While defensible from a realistic point of view, I can very well imagine that this operation was conceived by Kyiv alone (although I remain wary of Western non-participation) given its drastic implications.
The absence of any mentioning of these strategic implications is, in my view, very telling, which might double as a none-too-subtle hint to Ukraine that it’s over.
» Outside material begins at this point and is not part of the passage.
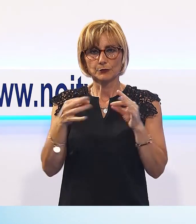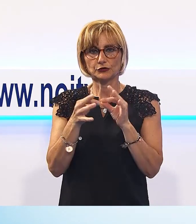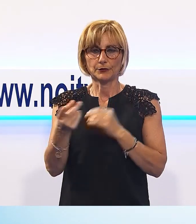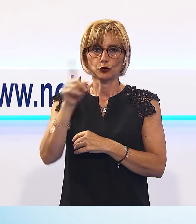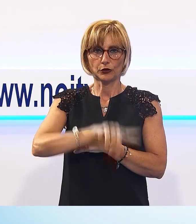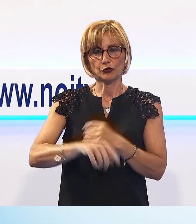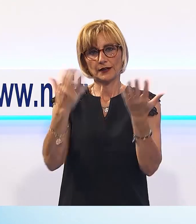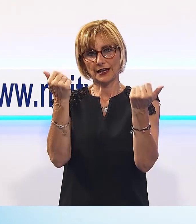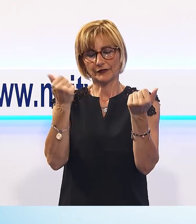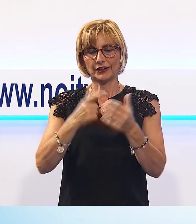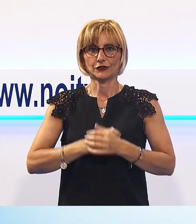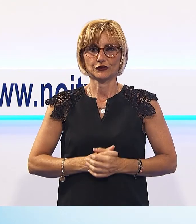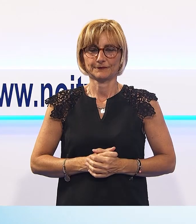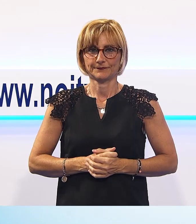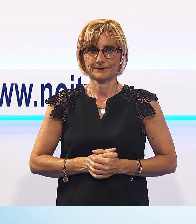sportive.
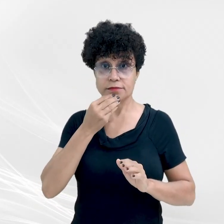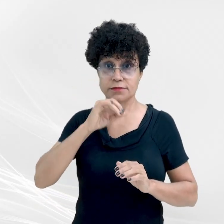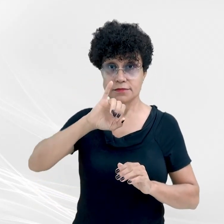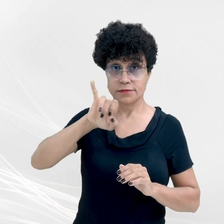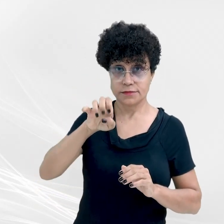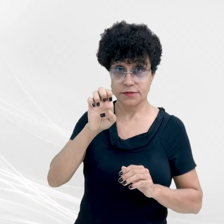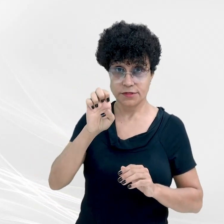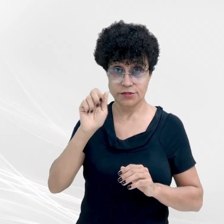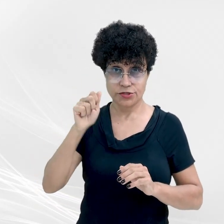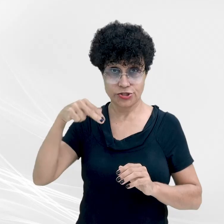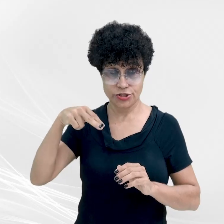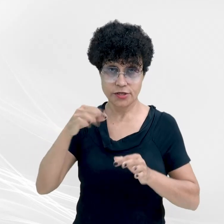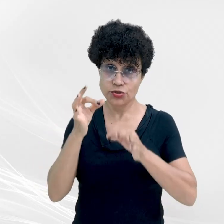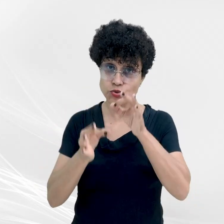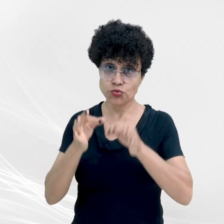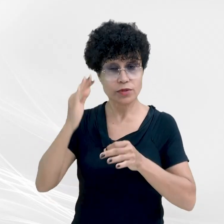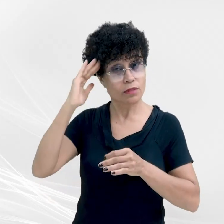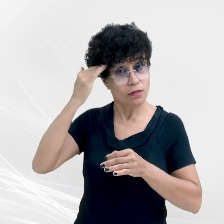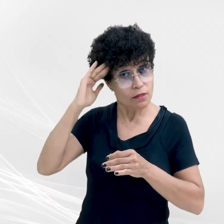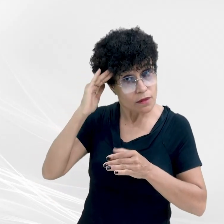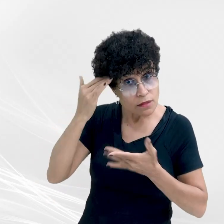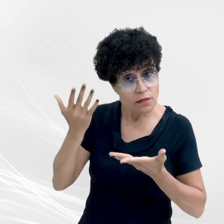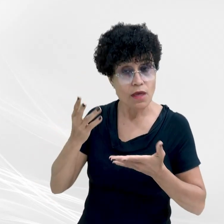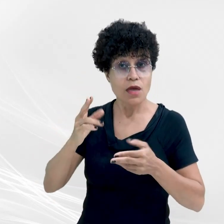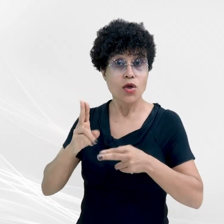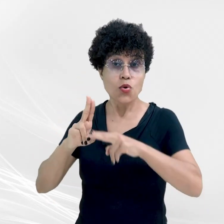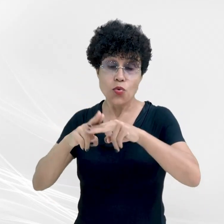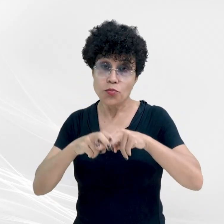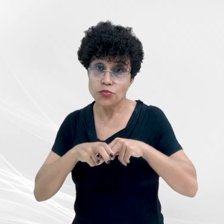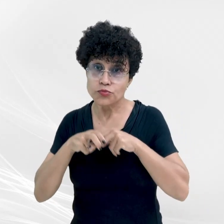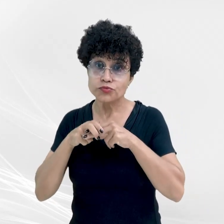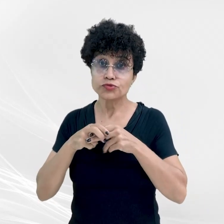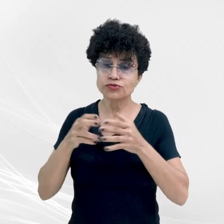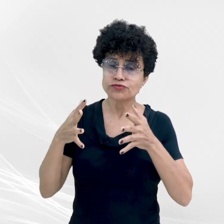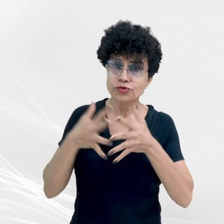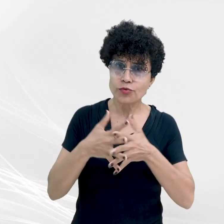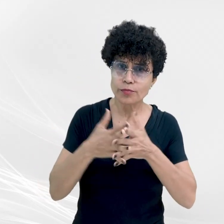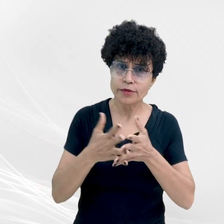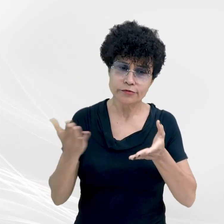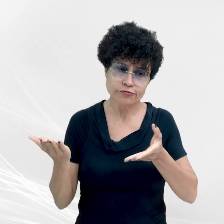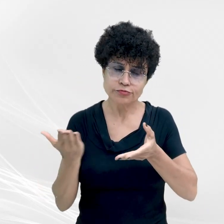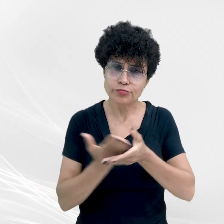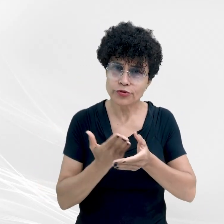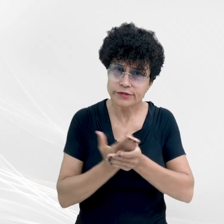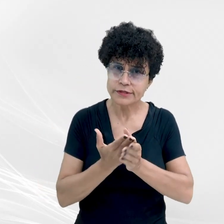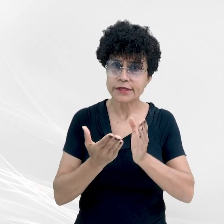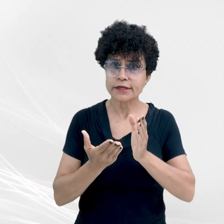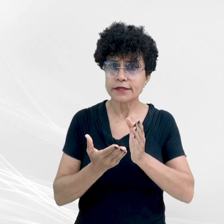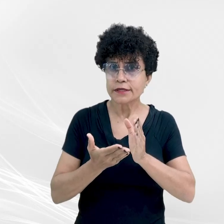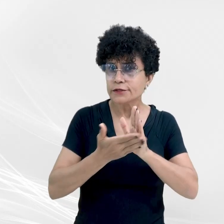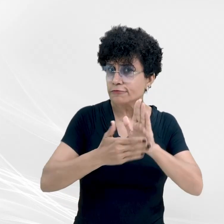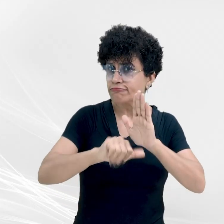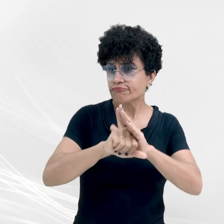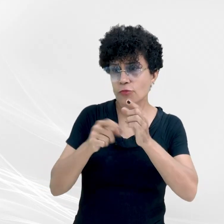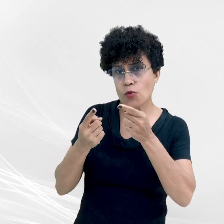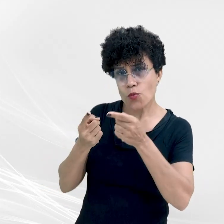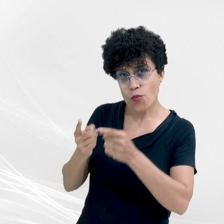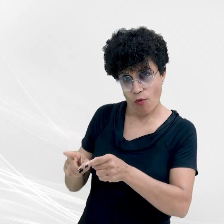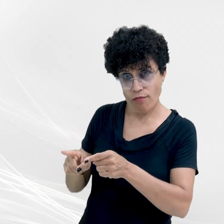Maia Dias entendeu que, em razão da complexidade dos processos criminais contra o parlamentar, haverá

May Moscow have permitted some of these attacks to shore up domestic and int’l support? Of course that may be the case, but in any event, this doesn’t mean this course of action isn’t highly dangerous.
Time will tell.
This is Empire’s war against Russia. Russia is a not as strong as it is often made to appear. Ukraine cannot win this war alone, but Empire sees Russia’s weakness, as an opportunity. Russia is constantly depicted by many as being near victory but that victory never seems to materialize. And yet, European (Imperial) propaganda is that Russia poses a threat to Europe. How can Russia that is unable to quickly prevail in Ukraine, be a credible threat? Money/financial system of the West needs a reset. Traditionally, that has meant wars. Of course, that was all before the advent of nuclear weapons. At the center of Empire resides demonic power. At this point this is the only viable explanation I can come up with.
Fancy-schmansy media blasts look to be working excellently in the media. A mad dog strategy is, of course better optics compared to relentless losing on the battlefield. It helps me to put in context the Ukrainian strategy if I think that they are the arms merchants' salesmen. Just like a certain country in the eastern mediterranean pummels the local population to showcase their weapons systems. They are not out to solve anything or achieve aims, they're there to keep the show going and sales channels hot.
In our local taxpayer funded news, the headers scream: Most of Russian air force destroyed https://yle.fi/a/74-20165142
They are still running it today, not the corrected numbers. Makes one wonder what portion of the slop we are fed is entirely imaginary.